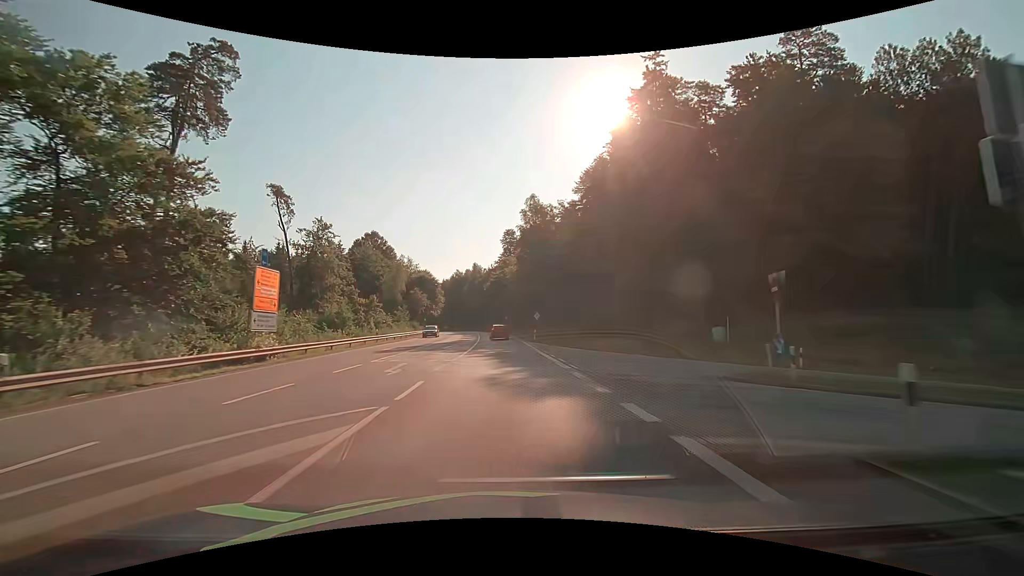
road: secondary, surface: asphalt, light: Day
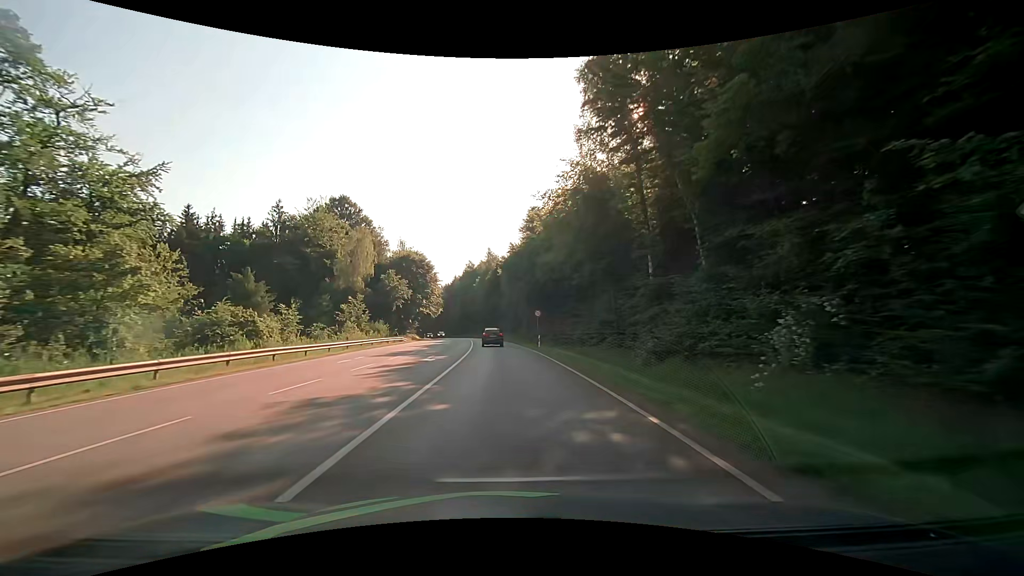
(-1.0, +48.1) m; -3°
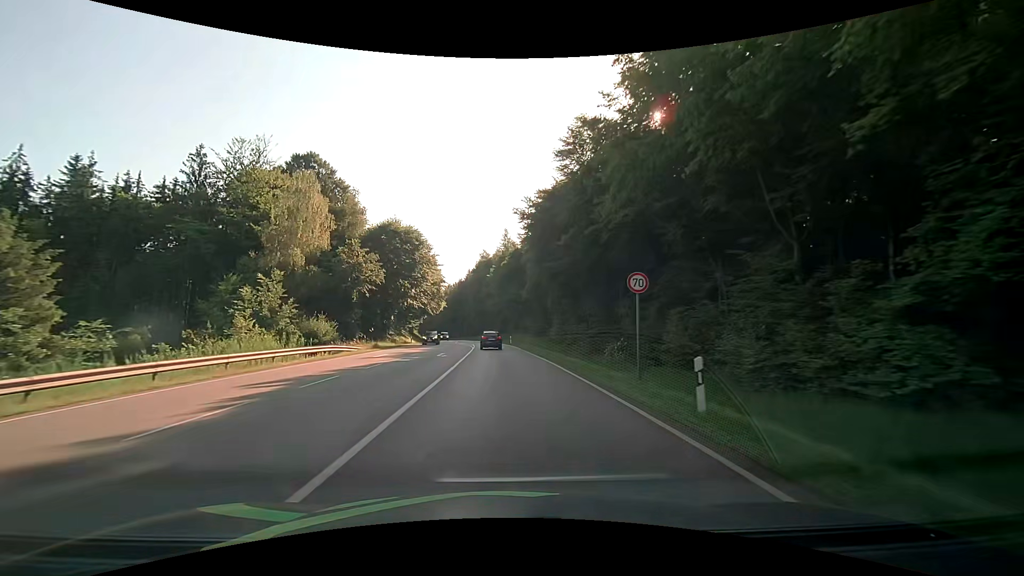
(-0.4, +28.8) m; -1°
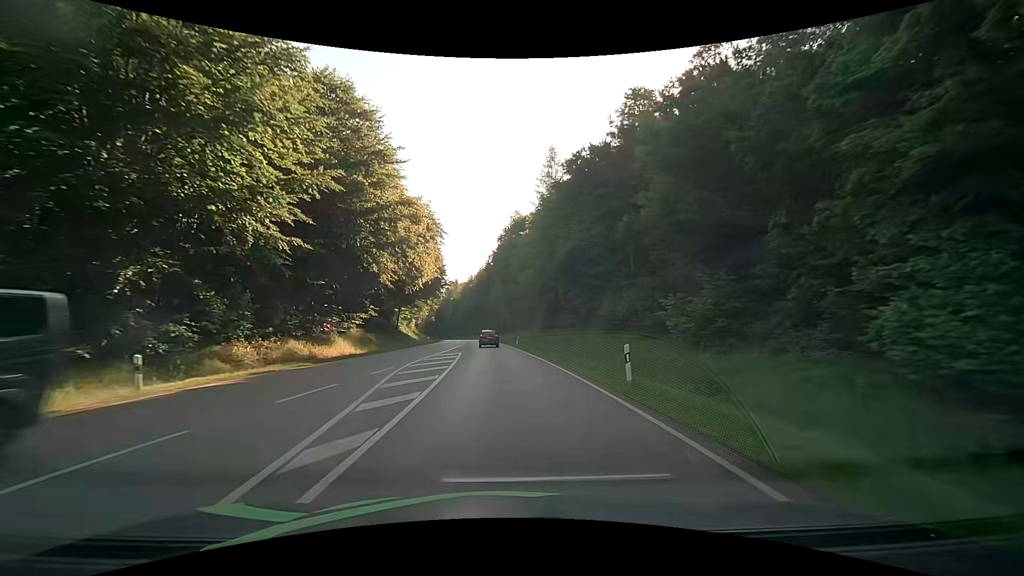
(-2.1, +50.9) m; -4°
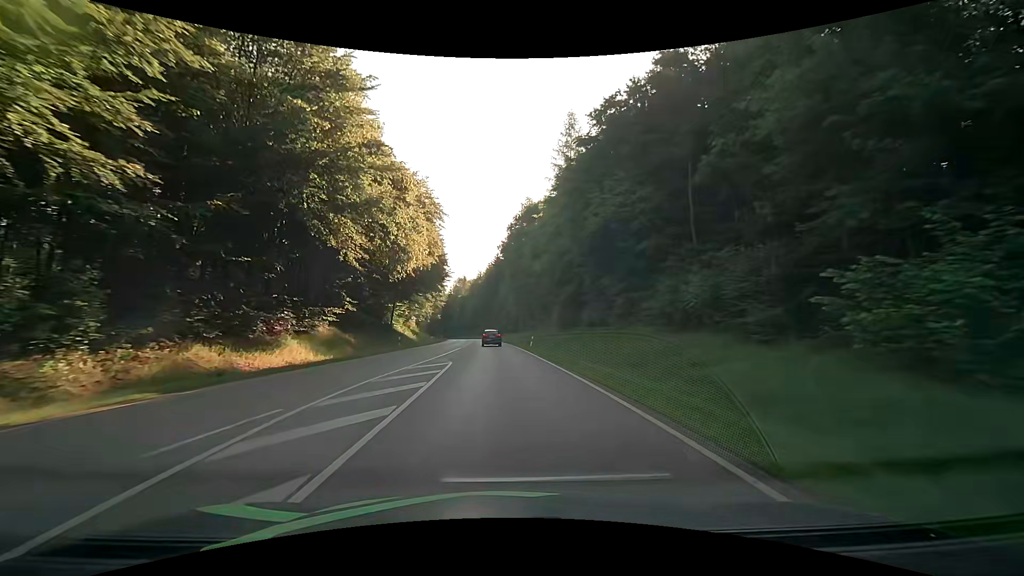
(-0.1, +10.4) m; -1°
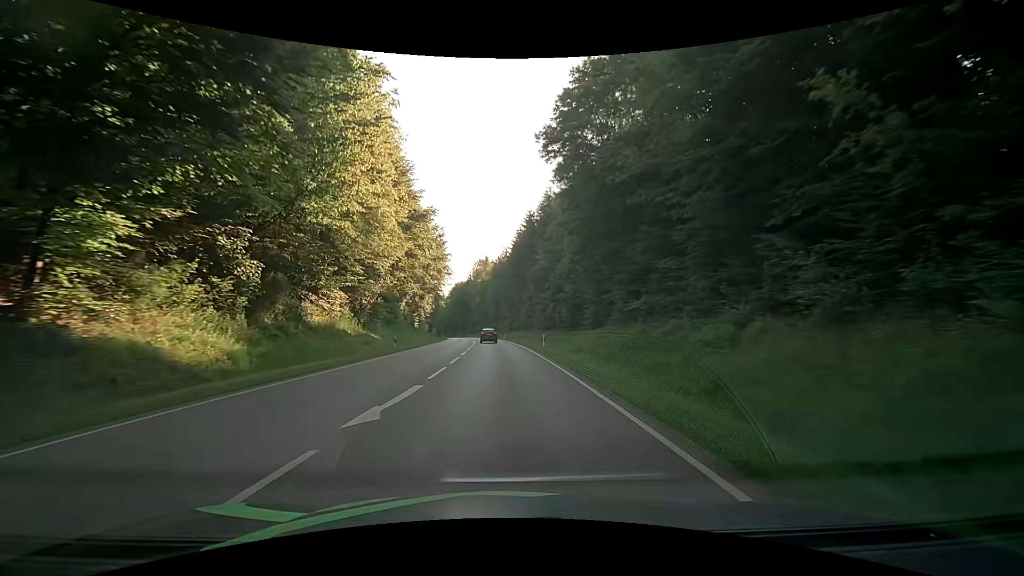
(-1.8, +52.9) m; -2°
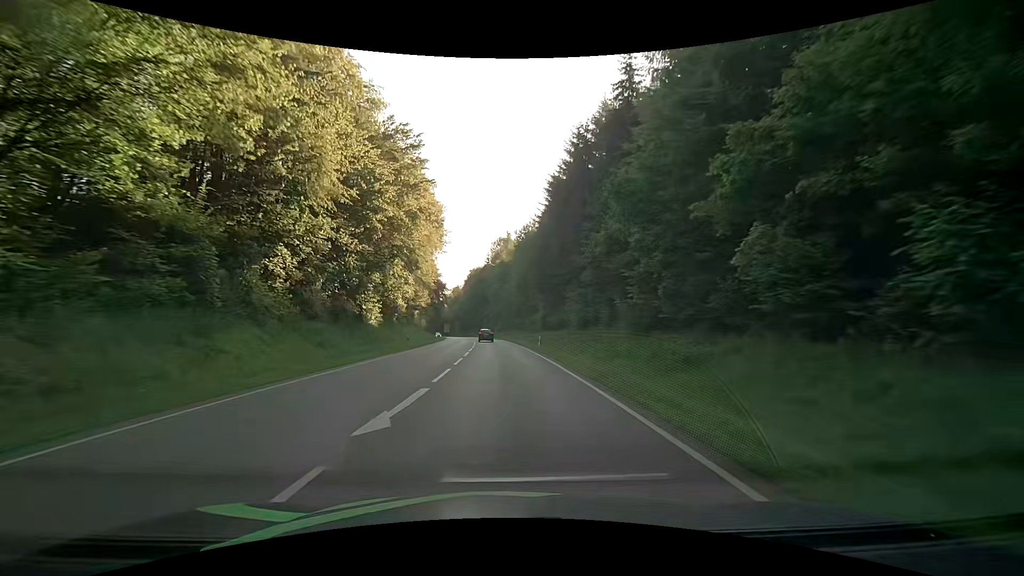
(-1.6, +42.9) m; -3°
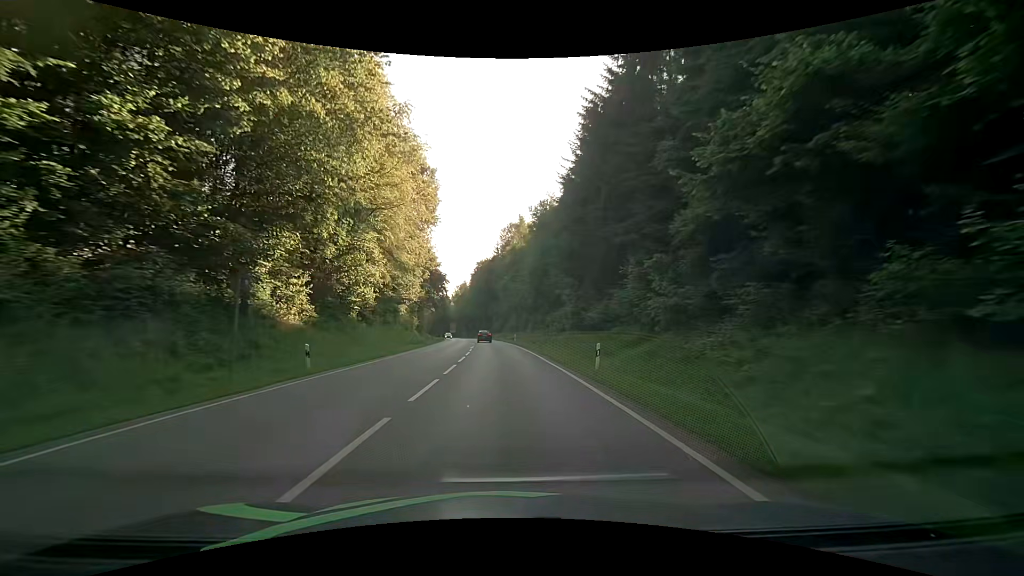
(-0.3, +21.6) m; -2°
(0, +10) (0, +20) (0, +30) (-1, +40) (-1, +50) (-2, +60) (-3, +70) (-4, +80) (-5, +90) (-6, +100) m

_ _ _ _ _

### PROBLEM STATEMENT
Each line of the listing above belongs in the answer exactly as written; the pictures do not.

### YOUR RESPONSE
road: secondary, surface: asphalt, light: Day
(-1.0, +48.1) m; -3°
(-0.4, +28.8) m; -1°
(-2.1, +50.9) m; -4°
(-0.1, +10.4) m; -1°
(-1.8, +52.9) m; -2°
(-1.6, +42.9) m; -3°
(-0.3, +21.6) m; -2°
(0, +10) (0, +20) (0, +30) (-1, +40) (-1, +50) (-2, +60) (-3, +70) (-4, +80) (-5, +90) (-6, +100) m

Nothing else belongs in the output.